─── Supplied information

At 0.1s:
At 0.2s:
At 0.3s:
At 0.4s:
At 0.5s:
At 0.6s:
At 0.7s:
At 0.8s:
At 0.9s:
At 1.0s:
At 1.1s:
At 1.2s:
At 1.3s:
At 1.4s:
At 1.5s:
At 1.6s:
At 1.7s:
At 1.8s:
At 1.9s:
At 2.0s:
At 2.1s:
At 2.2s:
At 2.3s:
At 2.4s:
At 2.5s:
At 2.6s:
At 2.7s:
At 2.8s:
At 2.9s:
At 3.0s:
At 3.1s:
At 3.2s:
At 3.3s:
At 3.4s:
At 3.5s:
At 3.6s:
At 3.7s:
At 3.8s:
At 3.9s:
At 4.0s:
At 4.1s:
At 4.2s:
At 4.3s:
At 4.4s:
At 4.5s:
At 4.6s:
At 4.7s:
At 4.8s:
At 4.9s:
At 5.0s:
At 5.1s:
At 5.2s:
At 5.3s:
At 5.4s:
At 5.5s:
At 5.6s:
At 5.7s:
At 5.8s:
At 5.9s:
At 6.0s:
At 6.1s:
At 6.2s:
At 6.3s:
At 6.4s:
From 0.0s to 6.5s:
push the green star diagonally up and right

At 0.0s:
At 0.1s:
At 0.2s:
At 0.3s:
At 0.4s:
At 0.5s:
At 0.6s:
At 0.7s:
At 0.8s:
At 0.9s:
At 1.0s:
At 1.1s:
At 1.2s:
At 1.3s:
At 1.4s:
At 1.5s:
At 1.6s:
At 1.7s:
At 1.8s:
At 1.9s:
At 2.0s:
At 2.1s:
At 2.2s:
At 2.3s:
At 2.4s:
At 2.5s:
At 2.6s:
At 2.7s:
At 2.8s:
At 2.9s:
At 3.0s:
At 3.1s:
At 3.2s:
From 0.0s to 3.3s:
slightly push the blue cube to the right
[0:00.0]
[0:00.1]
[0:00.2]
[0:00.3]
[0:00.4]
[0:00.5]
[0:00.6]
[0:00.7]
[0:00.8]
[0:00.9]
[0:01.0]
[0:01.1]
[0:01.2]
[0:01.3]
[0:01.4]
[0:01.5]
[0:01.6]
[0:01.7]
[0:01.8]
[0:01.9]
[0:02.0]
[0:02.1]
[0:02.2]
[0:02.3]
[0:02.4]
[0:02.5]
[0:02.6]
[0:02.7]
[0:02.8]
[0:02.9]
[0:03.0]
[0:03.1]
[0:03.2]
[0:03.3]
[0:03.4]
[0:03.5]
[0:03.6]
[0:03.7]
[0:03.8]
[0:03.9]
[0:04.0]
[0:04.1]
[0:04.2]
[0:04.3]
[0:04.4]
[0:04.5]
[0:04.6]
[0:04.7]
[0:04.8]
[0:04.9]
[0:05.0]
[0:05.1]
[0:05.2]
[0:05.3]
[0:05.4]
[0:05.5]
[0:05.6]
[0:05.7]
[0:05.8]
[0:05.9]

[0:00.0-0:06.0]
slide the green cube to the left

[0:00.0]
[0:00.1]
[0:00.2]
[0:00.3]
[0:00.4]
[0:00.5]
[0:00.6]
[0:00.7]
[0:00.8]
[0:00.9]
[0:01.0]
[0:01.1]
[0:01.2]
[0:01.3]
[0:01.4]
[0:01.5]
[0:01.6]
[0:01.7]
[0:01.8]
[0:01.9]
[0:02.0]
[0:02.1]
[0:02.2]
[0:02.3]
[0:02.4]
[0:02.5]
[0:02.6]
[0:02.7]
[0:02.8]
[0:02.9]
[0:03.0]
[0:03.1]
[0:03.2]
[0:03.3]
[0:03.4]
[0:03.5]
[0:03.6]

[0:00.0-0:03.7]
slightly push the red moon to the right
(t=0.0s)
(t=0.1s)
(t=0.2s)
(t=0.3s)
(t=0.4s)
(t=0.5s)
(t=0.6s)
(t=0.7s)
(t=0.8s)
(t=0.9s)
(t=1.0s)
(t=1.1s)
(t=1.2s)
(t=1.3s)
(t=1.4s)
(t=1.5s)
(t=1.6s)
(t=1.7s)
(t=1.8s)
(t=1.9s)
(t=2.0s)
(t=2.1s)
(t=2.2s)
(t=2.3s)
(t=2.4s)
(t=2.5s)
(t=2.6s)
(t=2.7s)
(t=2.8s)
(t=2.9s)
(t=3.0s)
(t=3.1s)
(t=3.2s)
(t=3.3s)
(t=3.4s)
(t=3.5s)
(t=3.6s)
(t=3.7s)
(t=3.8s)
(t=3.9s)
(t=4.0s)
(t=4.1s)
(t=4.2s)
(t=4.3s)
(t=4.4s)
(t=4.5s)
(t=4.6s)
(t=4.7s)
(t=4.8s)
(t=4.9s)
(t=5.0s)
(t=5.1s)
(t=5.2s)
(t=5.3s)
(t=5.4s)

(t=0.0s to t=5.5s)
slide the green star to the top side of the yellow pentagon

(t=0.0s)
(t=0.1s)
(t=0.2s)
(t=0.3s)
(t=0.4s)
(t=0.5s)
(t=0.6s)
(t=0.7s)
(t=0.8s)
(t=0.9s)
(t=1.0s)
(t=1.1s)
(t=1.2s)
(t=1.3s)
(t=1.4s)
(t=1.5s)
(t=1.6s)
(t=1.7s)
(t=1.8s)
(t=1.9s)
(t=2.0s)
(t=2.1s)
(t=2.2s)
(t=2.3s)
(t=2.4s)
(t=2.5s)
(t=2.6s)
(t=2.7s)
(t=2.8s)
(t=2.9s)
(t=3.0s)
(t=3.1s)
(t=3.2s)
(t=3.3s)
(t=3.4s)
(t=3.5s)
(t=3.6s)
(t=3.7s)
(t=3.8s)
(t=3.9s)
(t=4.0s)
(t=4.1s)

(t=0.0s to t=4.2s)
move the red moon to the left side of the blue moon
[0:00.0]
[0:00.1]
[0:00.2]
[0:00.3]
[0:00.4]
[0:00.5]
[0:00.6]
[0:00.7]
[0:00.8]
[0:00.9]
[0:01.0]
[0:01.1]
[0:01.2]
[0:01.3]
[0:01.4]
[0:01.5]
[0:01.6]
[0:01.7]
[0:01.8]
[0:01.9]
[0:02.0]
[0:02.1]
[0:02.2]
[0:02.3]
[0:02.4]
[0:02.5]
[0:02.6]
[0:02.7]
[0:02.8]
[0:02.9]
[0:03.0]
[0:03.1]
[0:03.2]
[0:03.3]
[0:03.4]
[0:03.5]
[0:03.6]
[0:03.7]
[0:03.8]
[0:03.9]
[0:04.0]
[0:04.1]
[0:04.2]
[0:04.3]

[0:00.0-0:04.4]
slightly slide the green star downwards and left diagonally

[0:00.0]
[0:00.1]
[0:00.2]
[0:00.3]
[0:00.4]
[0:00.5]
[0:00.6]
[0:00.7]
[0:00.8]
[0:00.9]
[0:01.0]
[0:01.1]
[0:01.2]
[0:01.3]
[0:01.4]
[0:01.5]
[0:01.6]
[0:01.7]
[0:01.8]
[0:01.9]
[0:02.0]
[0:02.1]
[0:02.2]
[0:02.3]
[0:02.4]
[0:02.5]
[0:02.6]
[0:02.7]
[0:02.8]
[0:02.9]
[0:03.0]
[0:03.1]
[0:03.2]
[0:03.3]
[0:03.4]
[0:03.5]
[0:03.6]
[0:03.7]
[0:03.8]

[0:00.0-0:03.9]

──────

*Try it:*
Restate all of the entries above precisely.

*Response to the task:*
At 0.1s:
At 0.2s:
At 0.3s:
At 0.4s:
At 0.5s:
At 0.6s:
At 0.7s:
At 0.8s:
At 0.9s:
At 1.0s:
At 1.1s:
At 1.2s:
At 1.3s:
At 1.4s:
At 1.5s:
At 1.6s:
At 1.7s:
At 1.8s:
At 1.9s:
At 2.0s:
At 2.1s:
At 2.2s:
At 2.3s:
At 2.4s:
At 2.5s:
At 2.6s:
At 2.7s:
At 2.8s:
At 2.9s:
At 3.0s:
At 3.1s:
At 3.2s:
At 3.3s:
At 3.4s:
At 3.5s:
At 3.6s:
At 3.7s:
At 3.8s:
At 3.9s:
At 4.0s:
At 4.1s:
At 4.2s:
At 4.3s:
At 4.4s:
At 4.5s:
At 4.6s:
At 4.7s:
At 4.8s:
At 4.9s:
At 5.0s:
At 5.1s:
At 5.2s:
At 5.3s:
At 5.4s:
At 5.5s:
At 5.6s:
At 5.7s:
At 5.8s:
At 5.9s:
At 6.0s:
At 6.1s:
At 6.2s:
At 6.3s:
At 6.4s:
From 0.0s to 6.5s:
push the green star diagonally up and right

At 0.0s:
At 0.1s:
At 0.2s:
At 0.3s:
At 0.4s:
At 0.5s:
At 0.6s:
At 0.7s:
At 0.8s:
At 0.9s:
At 1.0s:
At 1.1s:
At 1.2s:
At 1.3s:
At 1.4s:
At 1.5s:
At 1.6s:
At 1.7s:
At 1.8s:
At 1.9s:
At 2.0s:
At 2.1s:
At 2.2s:
At 2.3s:
At 2.4s:
At 2.5s:
At 2.6s:
At 2.7s:
At 2.8s:
At 2.9s:
At 3.0s:
At 3.1s:
At 3.2s:
From 0.0s to 3.3s:
slightly push the blue cube to the right
[0:00.0]
[0:00.1]
[0:00.2]
[0:00.3]
[0:00.4]
[0:00.5]
[0:00.6]
[0:00.7]
[0:00.8]
[0:00.9]
[0:01.0]
[0:01.1]
[0:01.2]
[0:01.3]
[0:01.4]
[0:01.5]
[0:01.6]
[0:01.7]
[0:01.8]
[0:01.9]
[0:02.0]
[0:02.1]
[0:02.2]
[0:02.3]
[0:02.4]
[0:02.5]
[0:02.6]
[0:02.7]
[0:02.8]
[0:02.9]
[0:03.0]
[0:03.1]
[0:03.2]
[0:03.3]
[0:03.4]
[0:03.5]
[0:03.6]
[0:03.7]
[0:03.8]
[0:03.9]
[0:04.0]
[0:04.1]
[0:04.2]
[0:04.3]
[0:04.4]
[0:04.5]
[0:04.6]
[0:04.7]
[0:04.8]
[0:04.9]
[0:05.0]
[0:05.1]
[0:05.2]
[0:05.3]
[0:05.4]
[0:05.5]
[0:05.6]
[0:05.7]
[0:05.8]
[0:05.9]

[0:00.0-0:06.0]
slide the green cube to the left

[0:00.0]
[0:00.1]
[0:00.2]
[0:00.3]
[0:00.4]
[0:00.5]
[0:00.6]
[0:00.7]
[0:00.8]
[0:00.9]
[0:01.0]
[0:01.1]
[0:01.2]
[0:01.3]
[0:01.4]
[0:01.5]
[0:01.6]
[0:01.7]
[0:01.8]
[0:01.9]
[0:02.0]
[0:02.1]
[0:02.2]
[0:02.3]
[0:02.4]
[0:02.5]
[0:02.6]
[0:02.7]
[0:02.8]
[0:02.9]
[0:03.0]
[0:03.1]
[0:03.2]
[0:03.3]
[0:03.4]
[0:03.5]
[0:03.6]

[0:00.0-0:03.7]
slightly push the red moon to the right
(t=0.0s)
(t=0.1s)
(t=0.2s)
(t=0.3s)
(t=0.4s)
(t=0.5s)
(t=0.6s)
(t=0.7s)
(t=0.8s)
(t=0.9s)
(t=1.0s)
(t=1.1s)
(t=1.2s)
(t=1.3s)
(t=1.4s)
(t=1.5s)
(t=1.6s)
(t=1.7s)
(t=1.8s)
(t=1.9s)
(t=2.0s)
(t=2.1s)
(t=2.2s)
(t=2.3s)
(t=2.4s)
(t=2.5s)
(t=2.6s)
(t=2.7s)
(t=2.8s)
(t=2.9s)
(t=3.0s)
(t=3.1s)
(t=3.2s)
(t=3.3s)
(t=3.4s)
(t=3.5s)
(t=3.6s)
(t=3.7s)
(t=3.8s)
(t=3.9s)
(t=4.0s)
(t=4.1s)
(t=4.2s)
(t=4.3s)
(t=4.4s)
(t=4.5s)
(t=4.6s)
(t=4.7s)
(t=4.8s)
(t=4.9s)
(t=5.0s)
(t=5.1s)
(t=5.2s)
(t=5.3s)
(t=5.4s)

(t=0.0s to t=5.5s)
slide the green star to the top side of the yellow pentagon

(t=0.0s)
(t=0.1s)
(t=0.2s)
(t=0.3s)
(t=0.4s)
(t=0.5s)
(t=0.6s)
(t=0.7s)
(t=0.8s)
(t=0.9s)
(t=1.0s)
(t=1.1s)
(t=1.2s)
(t=1.3s)
(t=1.4s)
(t=1.5s)
(t=1.6s)
(t=1.7s)
(t=1.8s)
(t=1.9s)
(t=2.0s)
(t=2.1s)
(t=2.2s)
(t=2.3s)
(t=2.4s)
(t=2.5s)
(t=2.6s)
(t=2.7s)
(t=2.8s)
(t=2.9s)
(t=3.0s)
(t=3.1s)
(t=3.2s)
(t=3.3s)
(t=3.4s)
(t=3.5s)
(t=3.6s)
(t=3.7s)
(t=3.8s)
(t=3.9s)
(t=4.0s)
(t=4.1s)

(t=0.0s to t=4.2s)
move the red moon to the left side of the blue moon
[0:00.0]
[0:00.1]
[0:00.2]
[0:00.3]
[0:00.4]
[0:00.5]
[0:00.6]
[0:00.7]
[0:00.8]
[0:00.9]
[0:01.0]
[0:01.1]
[0:01.2]
[0:01.3]
[0:01.4]
[0:01.5]
[0:01.6]
[0:01.7]
[0:01.8]
[0:01.9]
[0:02.0]
[0:02.1]
[0:02.2]
[0:02.3]
[0:02.4]
[0:02.5]
[0:02.6]
[0:02.7]
[0:02.8]
[0:02.9]
[0:03.0]
[0:03.1]
[0:03.2]
[0:03.3]
[0:03.4]
[0:03.5]
[0:03.6]
[0:03.7]
[0:03.8]
[0:03.9]
[0:04.0]
[0:04.1]
[0:04.2]
[0:04.3]

[0:00.0-0:04.4]
slightly slide the green star downwards and left diagonally

[0:00.0]
[0:00.1]
[0:00.2]
[0:00.3]
[0:00.4]
[0:00.5]
[0:00.6]
[0:00.7]
[0:00.8]
[0:00.9]
[0:01.0]
[0:01.1]
[0:01.2]
[0:01.3]
[0:01.4]
[0:01.5]
[0:01.6]
[0:01.7]
[0:01.8]
[0:01.9]
[0:02.0]
[0:02.1]
[0:02.2]
[0:02.3]
[0:02.4]
[0:02.5]
[0:02.6]
[0:02.7]
[0:02.8]
[0:02.9]
[0:03.0]
[0:03.1]
[0:03.2]
[0:03.3]
[0:03.4]
[0:03.5]
[0:03.6]
[0:03.7]
[0:03.8]

[0:00.0-0:03.9]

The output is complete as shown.